EXTRACTED DATA
——

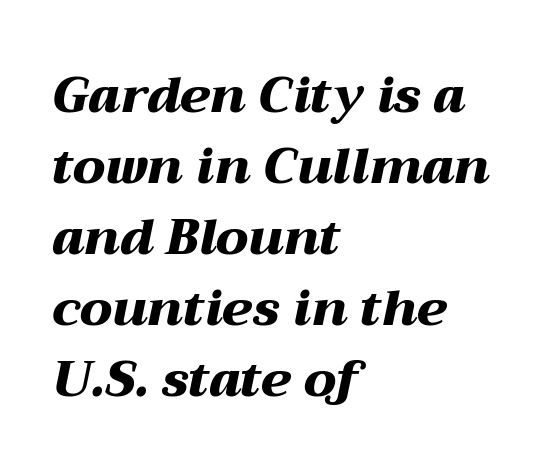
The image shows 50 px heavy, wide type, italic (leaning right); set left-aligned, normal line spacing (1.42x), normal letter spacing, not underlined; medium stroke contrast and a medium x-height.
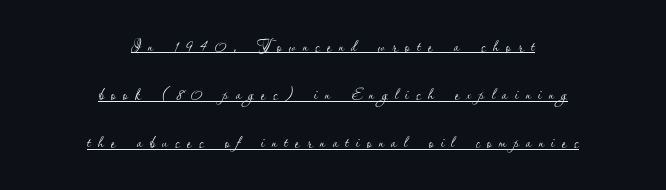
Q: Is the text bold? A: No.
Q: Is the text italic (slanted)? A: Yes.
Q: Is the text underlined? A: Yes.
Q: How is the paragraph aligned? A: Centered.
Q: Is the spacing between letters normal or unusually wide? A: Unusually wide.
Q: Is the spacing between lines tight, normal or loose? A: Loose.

——

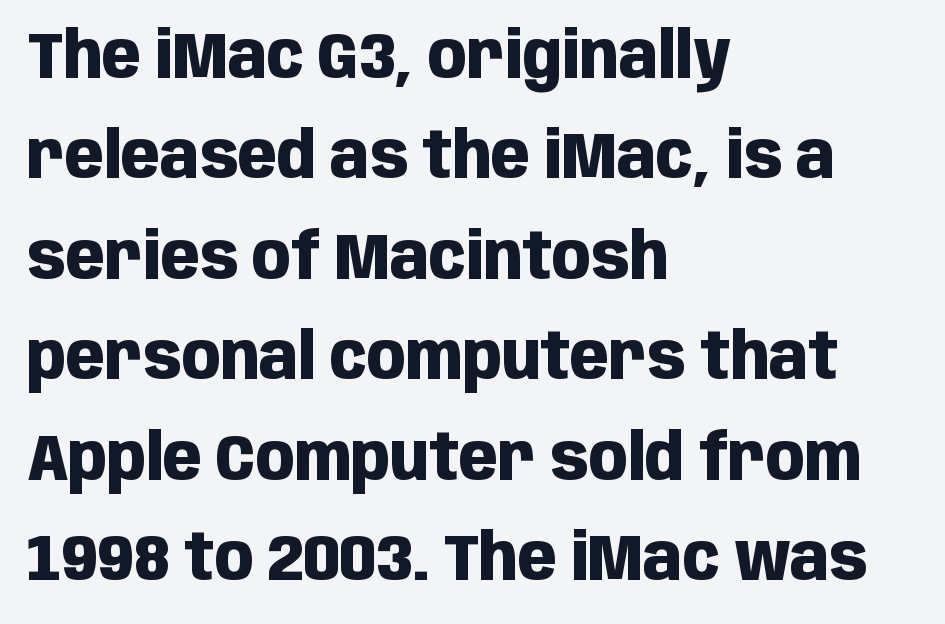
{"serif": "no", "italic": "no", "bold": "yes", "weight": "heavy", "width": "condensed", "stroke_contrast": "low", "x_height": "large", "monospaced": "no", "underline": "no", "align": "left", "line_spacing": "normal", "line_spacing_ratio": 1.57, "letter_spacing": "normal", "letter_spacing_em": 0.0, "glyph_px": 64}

——

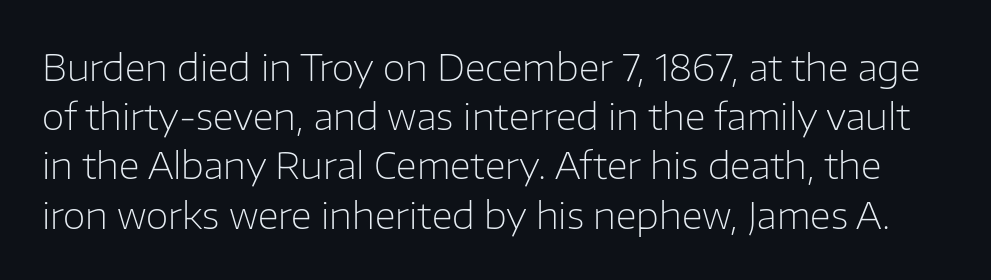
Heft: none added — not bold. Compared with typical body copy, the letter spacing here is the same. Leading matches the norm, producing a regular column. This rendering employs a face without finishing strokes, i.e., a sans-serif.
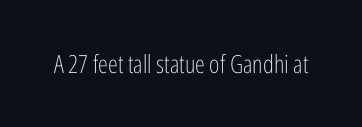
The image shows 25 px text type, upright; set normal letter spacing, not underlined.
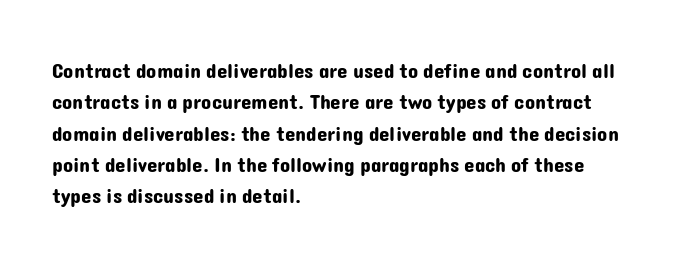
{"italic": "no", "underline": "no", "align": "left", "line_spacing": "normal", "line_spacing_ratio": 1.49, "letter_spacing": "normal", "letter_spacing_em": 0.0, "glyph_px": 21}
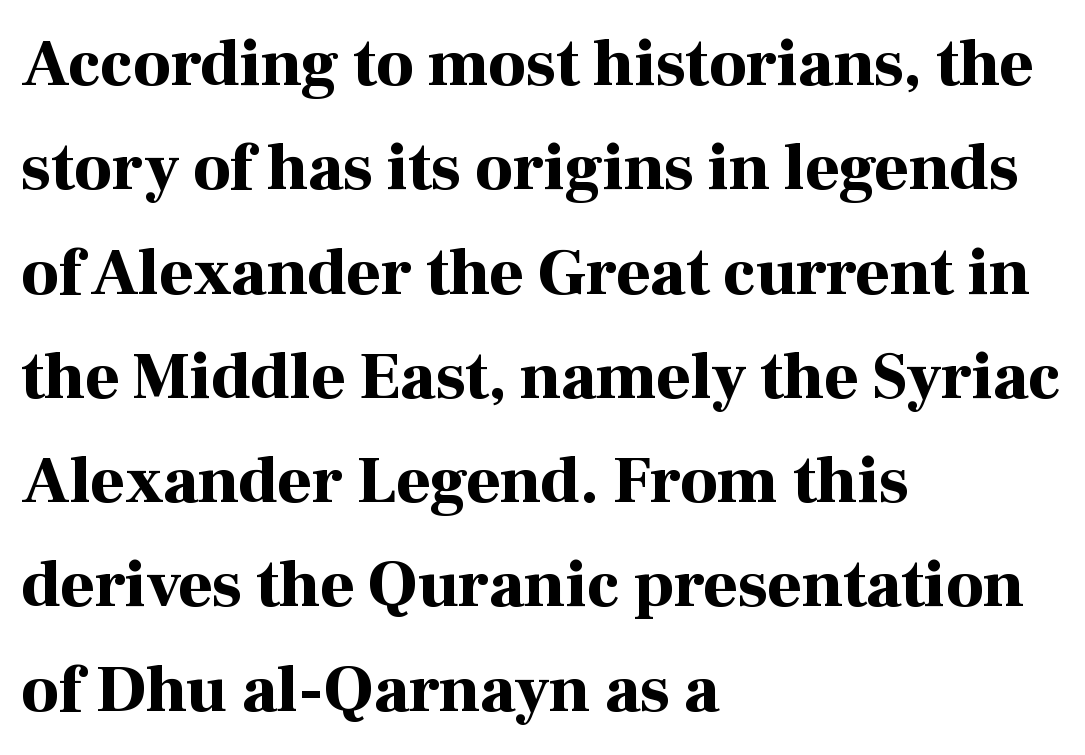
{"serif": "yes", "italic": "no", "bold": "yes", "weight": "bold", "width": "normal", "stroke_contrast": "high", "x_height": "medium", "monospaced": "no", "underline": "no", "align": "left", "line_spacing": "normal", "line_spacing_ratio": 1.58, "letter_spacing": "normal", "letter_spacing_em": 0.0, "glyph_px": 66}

——

EXERCISE INSTRUCTIONS
Using the listing above, copy exactly the line that contains "Q: How is the paragraph aligned? A: Centered.", the line that contains "Q: Is the spacing between lines", and each line that falls between them.

SOLUTION TO THIS PROBLEM
Q: How is the paragraph aligned? A: Centered.
Q: Is the spacing between letters normal or unusually wide? A: Unusually wide.
Q: Is the spacing between lines tight, normal or loose? A: Loose.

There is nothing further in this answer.